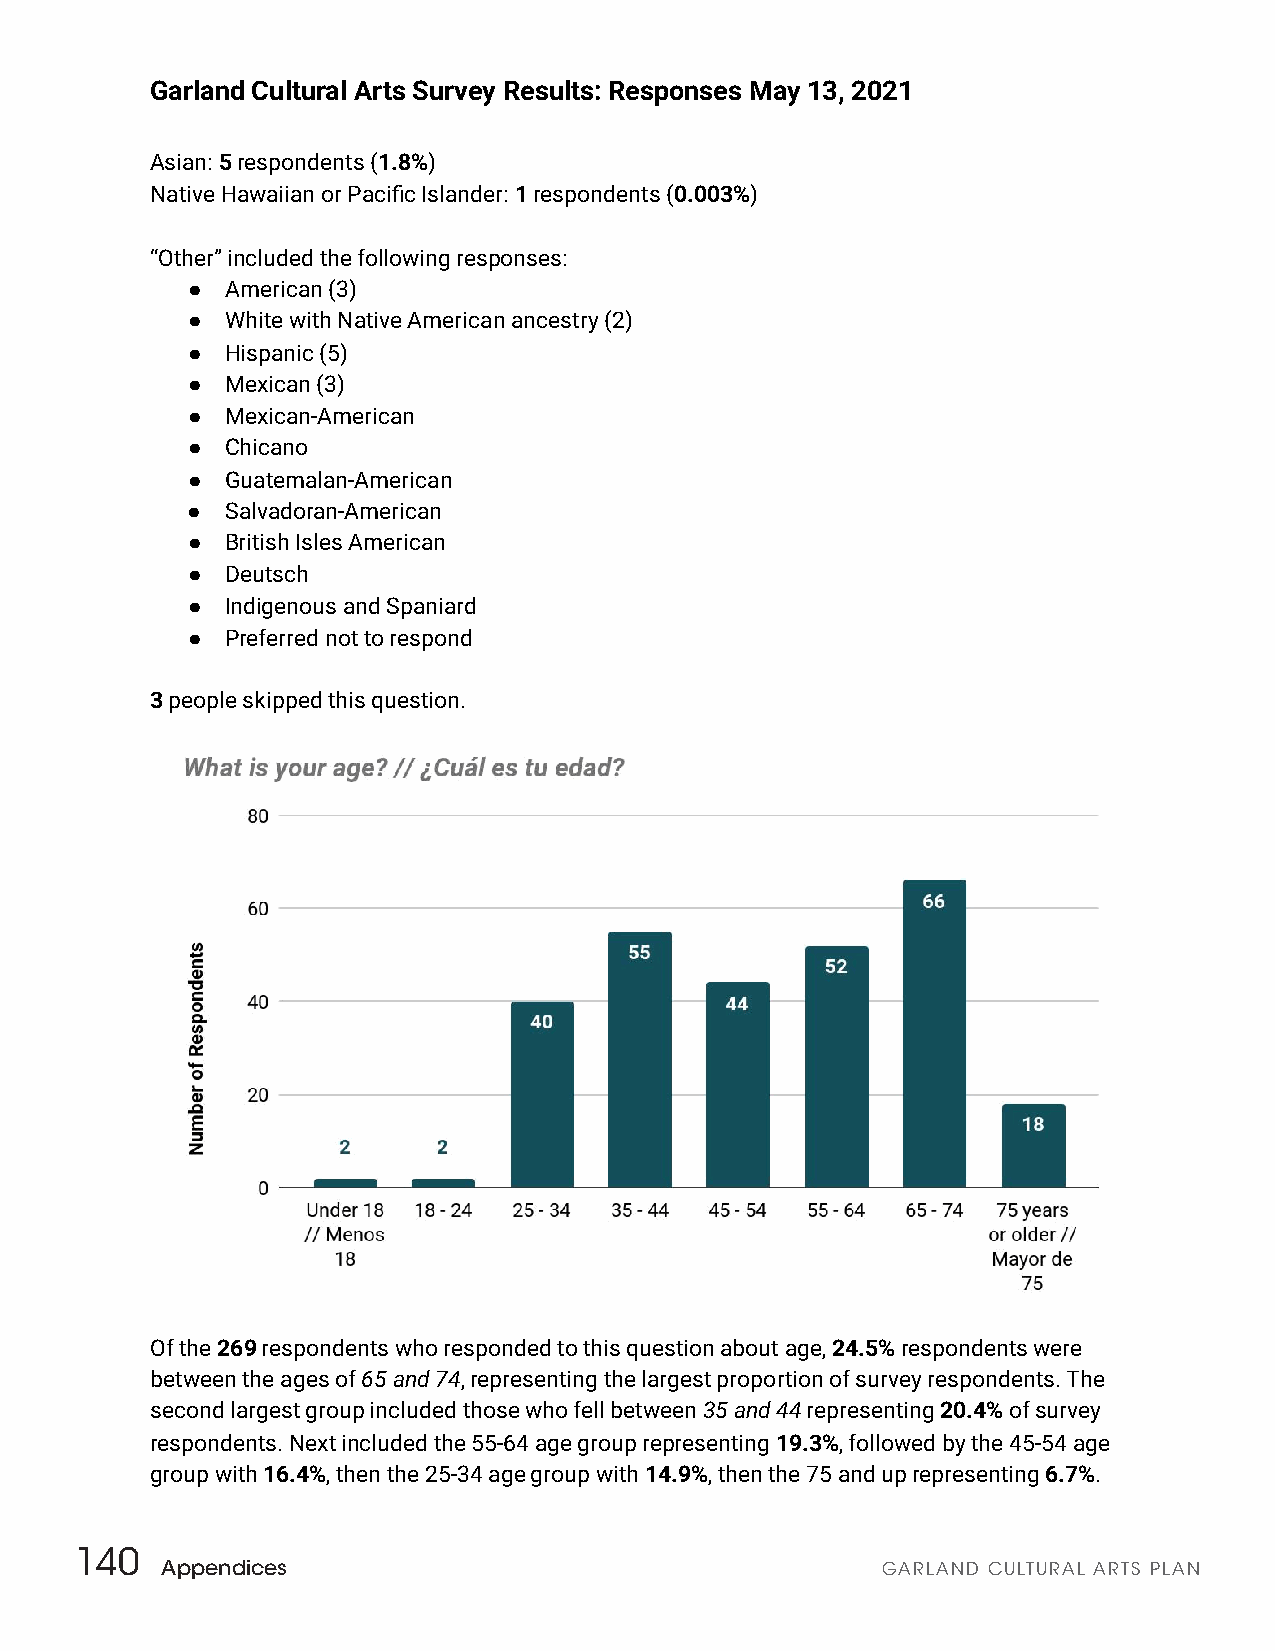
Garland Cultural Arts Survey Results: Responses May 13, 2021
 Asian: 5 r espondents (1 .8%)
 Native Hawaiian or Pacific Islander: 1 respondents ( 0.003% )
 “Other” included the following responses:
 ●  American (3)
 ●  White with Native A merican ancestry (2)
 ●  Hispanic (5)
 ●  Mexican (3)
 ●  Mexican-American
 ●  Chicano
 ●  Guatemalan-American
 ●  Salvadoran-American
 ●  British Isles American
 ●  Deutsch
 ●  Indigenous and Spaniard
 ●  Preferred not to respond
 3 people skipped this question.
 Of the 2 69 respondents who responded to this question about age, 2 4.5% r espondents were
 between the ages of 65 and 74, representing the largest proportion of survey respondents. The
 second largest group included those who fell between 3 5 and 44 representing 20.4% of survey
 respondents. Next included the 55-64 age group representing 1 9.3% , followed by the 45-54 age
 group with 1 6.4% , then the 25-34 age group with 1 4.9% , then the 75 and up representing 6 .7%.
 140
 Appendices                                     GARLAND CULTURAL ARTS PLAN

━━━━━━━━

[INSTRUCTIONS TO FOLLOW]
Copy out each line from the preceding entries that mentions the word "representing".

[SOLUTION FOR THIS EXERCISE]
 between the ages of 65 and 74, representing the largest proportion of survey respondents. The
 second largest group included those who fell between 3 5 and 44 representing 20.4% of survey
 respondents. Next included the 55-64 age group representing 1 9.3% , followed by the 45-54 age
 group with 1 6.4% , then the 25-34 age group with 1 4.9% , then the 75 and up representing 6 .7%.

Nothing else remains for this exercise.